As her life calling, she is passioned to normalize and fight for voluntary physician-assisted suicide FOR CONSENTING RATIONAL ADULTS. Obviously she wants full-time job that pays more than minimum wage. She's thinking professor.

It is nice to hear that your daughter has some fire in her belly. Nevertheless, one of the most basic premises of the value of tertiary education is that it challenges views that students have formed in secondary school, or via imitation of their parents. Tertiary education is designed to expose students to the full spectrum of arguments on matters like this, to allow them to assess their previously held views in an open-minded and evidence-based manner. The existing views of students are generally challenged with counter-argument, and they are encouraged to formulate their views in light of knowledge of academic argument. The idea of having a teenager enter tertiary education with a fixed and inflexible view of euthanasia ---let alone holding it as a "life calling"--- is contrary to the requirements of tertiary education.

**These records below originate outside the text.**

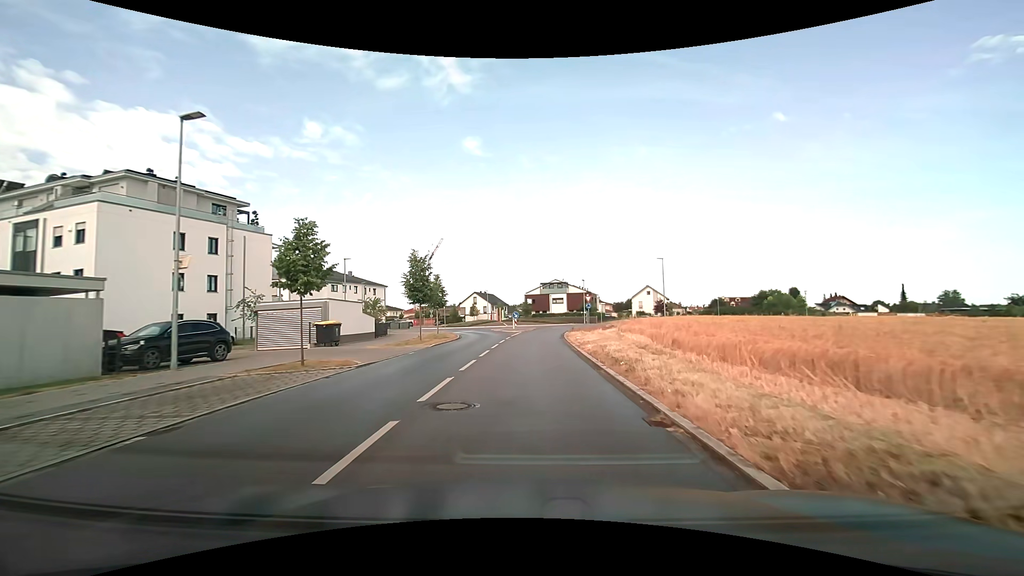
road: tertiary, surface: asphalt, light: Day
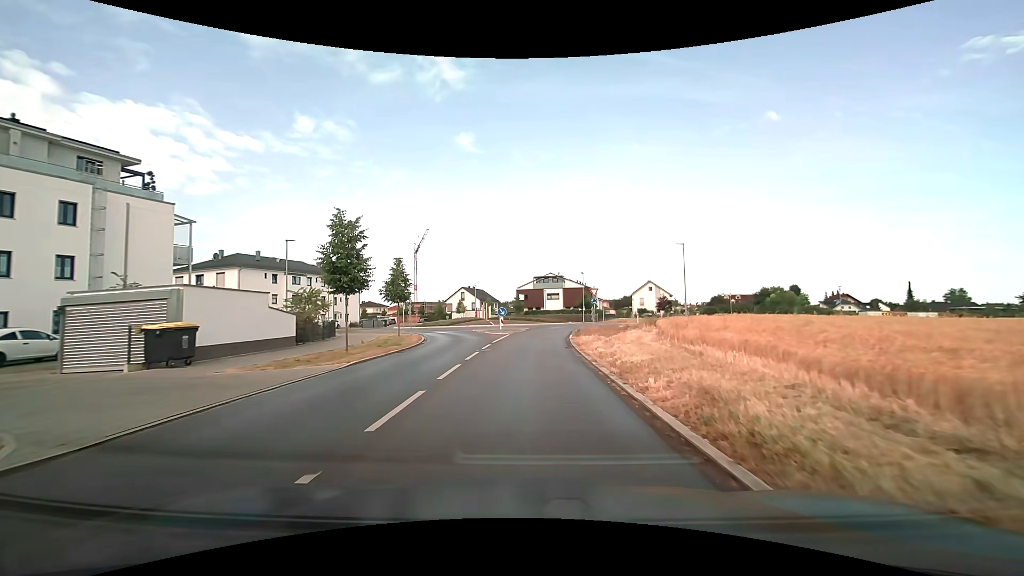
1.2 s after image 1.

The premise of your argument is that your daughter should pursue a career as a professor in order to most effectively advocate the views of her teenage self. However, the very process of educating herself in this topic gives no guarantee that her existing view will remain fixed. Certainly your daughter could attend university and study philosophy, which covers the ethics of this matter. A degree in philosophy would cover theories and issues in moral and political philosophy, and this would put her in a good position to become highly educated on the topic of euthanasia, and public policies relating to euthanasia. You should not assume that this process will keep her existing views fixed and merely give her "ammunition" to argue her existing position. It is entirely possible that this experience will change her view on the issue, or she might find something else more interesting to her, and change her "life calling".

A much better approach for your daughter would be for her to enroll in university in a field of interest to her, and with an open-minded view that leaves room for her to challenge and reconsider her existing views on any subject of study. If she is passionate about the ethics and politics of euthanasia then a degree in philosophy is probably a pretty good fit for now. The experience of tertiary education is likely to open her up to a range of interesting topics and views, and she will then be in a better position to determine what she wants to do with her life, and how to pursue this as a profession. Perhaps she will become a professor of ethics; perhaps not.

(And yes, a professor is paid substantially more than minimum wage.)